I have a personal anecdote that is exactly on point. Big ass technical post follows…
In a former job one of the things my company did was verify the math models of casino games. This included analysis of PRNGs in general and PRNG applications that shuffled decks of cards. Part of this was done by generating millions of shuffles and analyzing those with a battery of tests that determined if the data set was statistically distinguishable from perfectly uniformly random.
A different mathematician was evaluating a blackjack game that used the following algorithm for shuffling blackjack shoes that contained 1, 2, 6, and 8 decks:
- Start with an array [0, 1, … , 50, 51] * (number of decks).
- Randomly choose two distinct indices of this array and swap the elements in those spots. (The underlying PRNG used for this was the Mersenne Twister for those interested.)
- Do step 2 a total of 1000 * (number of decks) times.
This was not a perfectly uniformly random shuffle for a couple reasons, but we could certify for use in the field if it was statistically indistinguishable from an unbiased shuffle.
So this algorithm was passing most of the tests. As an aside, one of the tests was essentially the test that was proposed in the OP. Look at what shows up at every position and see if that matches the expected distribution (uniform in this case).
It was, however, super failing one of the tests. This test was called the longest cycle test. This looked at each shuffle as a permutation in disjoint cycle notation (Seen here), and compared the distribution of the length of the longest cycle of each to the expected distribution of an unbiased shuffle (very very not uniform, fyi).

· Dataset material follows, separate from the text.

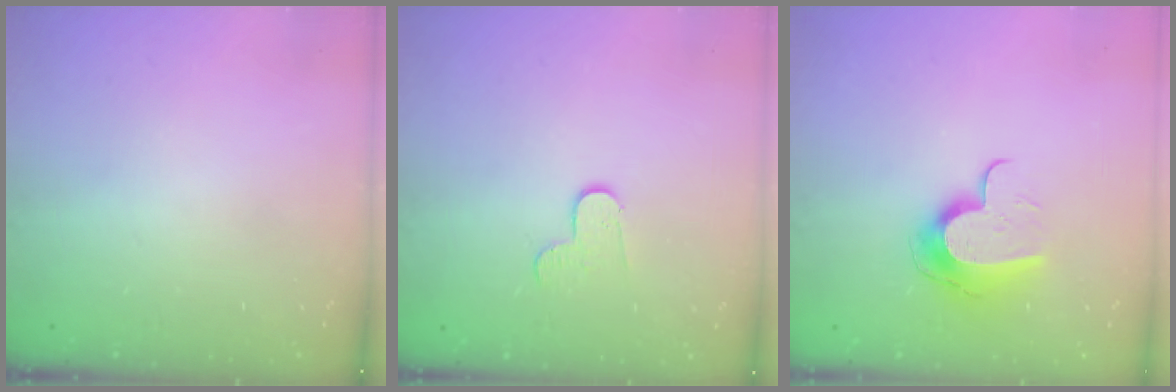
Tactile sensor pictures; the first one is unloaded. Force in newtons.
{"total": 5.5, "press": 5.5, "slide": 0.5}
{"total": 10.8, "press": 10.8, "slide": 0.9}

The manner of the failure was pretty bizarre, and the reason I was called in to the project. Only the single deck implementation was failing and it was failing because it never produced a shuffle with a longest cycle of length 52. In the grand scheme of things, these are relatively rare, but we had a huge data set and were expecting thousands and were instead getting exactly zero.

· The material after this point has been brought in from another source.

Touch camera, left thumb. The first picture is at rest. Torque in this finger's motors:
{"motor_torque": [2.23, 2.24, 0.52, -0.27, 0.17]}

What was the problem? Permutations come in even and odd varieties. There’s a couple different logically equivalent to define this, but I’ll go with every there is a canonical matrix group representation of every perumutation group. Half the matrices in this group will have a determinant of 1, we’ll call these even, and the other half will have a determinant of -1, which we will call odd (provided we a permuting more than one item). The reason I’m defining things this way is that the determinant of the product of matrices is the product of the determinants of the matrices.
One more fact that we need is that the determinant of a transposition (swapping two elements) is always -1.
So the algorithm always produced a shuffle equivalent to the product of 1,000 transpositions so it had a determinant of (-1)^1000 = 1. While every cycle of length 52 can be written as the product of 51 transpositions so it has a determinant of (-1)^51 = -1. So while the algorithm was pretty good in most ways, it was incapable of producing a specific type of permutation and we lucked out in that a subset of that set was a kind of permutation that we were looking for.
One extra bit of weirdness was that the multi-deck versions of algorithm weren’t failing because sometimes the algorithm we swap a card for a copy of itself which was equivalent to doing nothing. Thus the multi-deck version could produce both even and odd permutations and did so with equal frequency. I’m leaving out some technical details of decomposing multi-deck shuffles into disjoint cycles, but that’s the gist of it.